(CNN)Jessica Rudd has been running for 10 years and says she gets rude comments or some other form of harassment from men at least once a week.
The Atlanta Ph.D student runs 30 to 35 miles a week -- more if she's training for a big race -- and often while alone. When someone harasses her, she grits her teeth and tries to ignore them.
"It's hard to always tell if it's meant to be funny ... but almost always it comes off as sketchy," Rudd, 33, told CNN.

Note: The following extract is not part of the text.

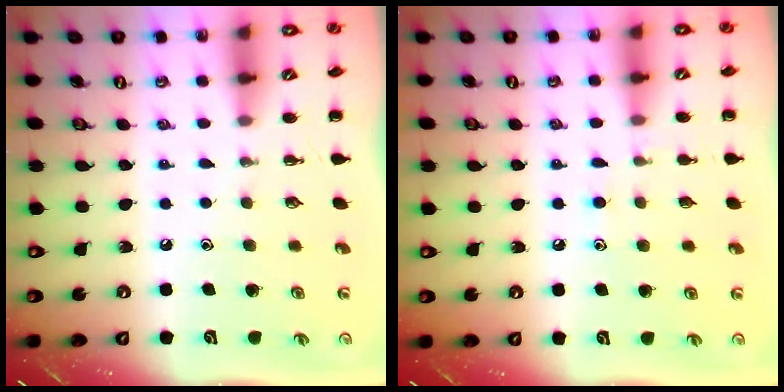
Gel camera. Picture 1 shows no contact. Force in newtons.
{"total": 5.5, "press": 5.3, "slide": 1.7}

There's a world of difference between catcalls or wolf whistles and the fatal violence that befell Mollie Tibbetts, who disappeared last month after going out for an evening run in Brooklyn, Iowa. Authorities say her suspected killer, Cristhian Bahena Rivera, followed her in his car as she ran along a country road before assaulting her.

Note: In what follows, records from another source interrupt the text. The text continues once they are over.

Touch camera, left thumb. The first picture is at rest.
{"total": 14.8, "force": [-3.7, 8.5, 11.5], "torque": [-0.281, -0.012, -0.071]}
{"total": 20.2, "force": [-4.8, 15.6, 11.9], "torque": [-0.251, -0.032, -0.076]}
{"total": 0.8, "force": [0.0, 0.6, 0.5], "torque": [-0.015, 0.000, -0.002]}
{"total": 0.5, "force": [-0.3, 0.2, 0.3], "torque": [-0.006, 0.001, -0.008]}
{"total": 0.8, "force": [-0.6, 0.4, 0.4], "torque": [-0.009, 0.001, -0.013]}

But Tibbetts' case has raised safety questions for women runners, a startling number of whom say they have faced harassment, or worse, from men who seem to view an athletic woman in shorts or jogging pants as an invitation for lewd or frightening behavior.
Survey finds widespread harassment
In 2016 Runner's World asked its readers, "How often, if ever, does a stranger whistle at you, comment on your body, needlessly honk at you, or give you other similar unsolicited sexual attention?"
Forty-three percent of women runners said they sometimes, often or always experienced such behavior. Only 4% percent of men did.
According to court documents, Rivera said in an interview that when he approached Tibbetts, she pulled out her cell phone and said she was going to "call the police" and that made him get angry.
CNN contributor Symone D. Sanders argued this week that the main safety issue in the Tibbetts case was not Rivera's status as an undocumented farm worker from Mexico but his "toxic masculinity" and the suspect's unwillingness to take no for an answer.
The Runner's World survey found that violence against women joggers is rare. Only 3% said they had been grabbed, groped, or otherwise physically assaulted -- but that doesn't make the other behavior less frightening.
-- 30% of women said they have been followed by a person in a car, bicycle or on foot
-- 18% said they have been sexually propositioned
-- 5% said they have been flashed
And 54% of women said they were concerned at least sometimes while running, or getting ready to run, that they could be physically assaulted or have unwanted physical contact.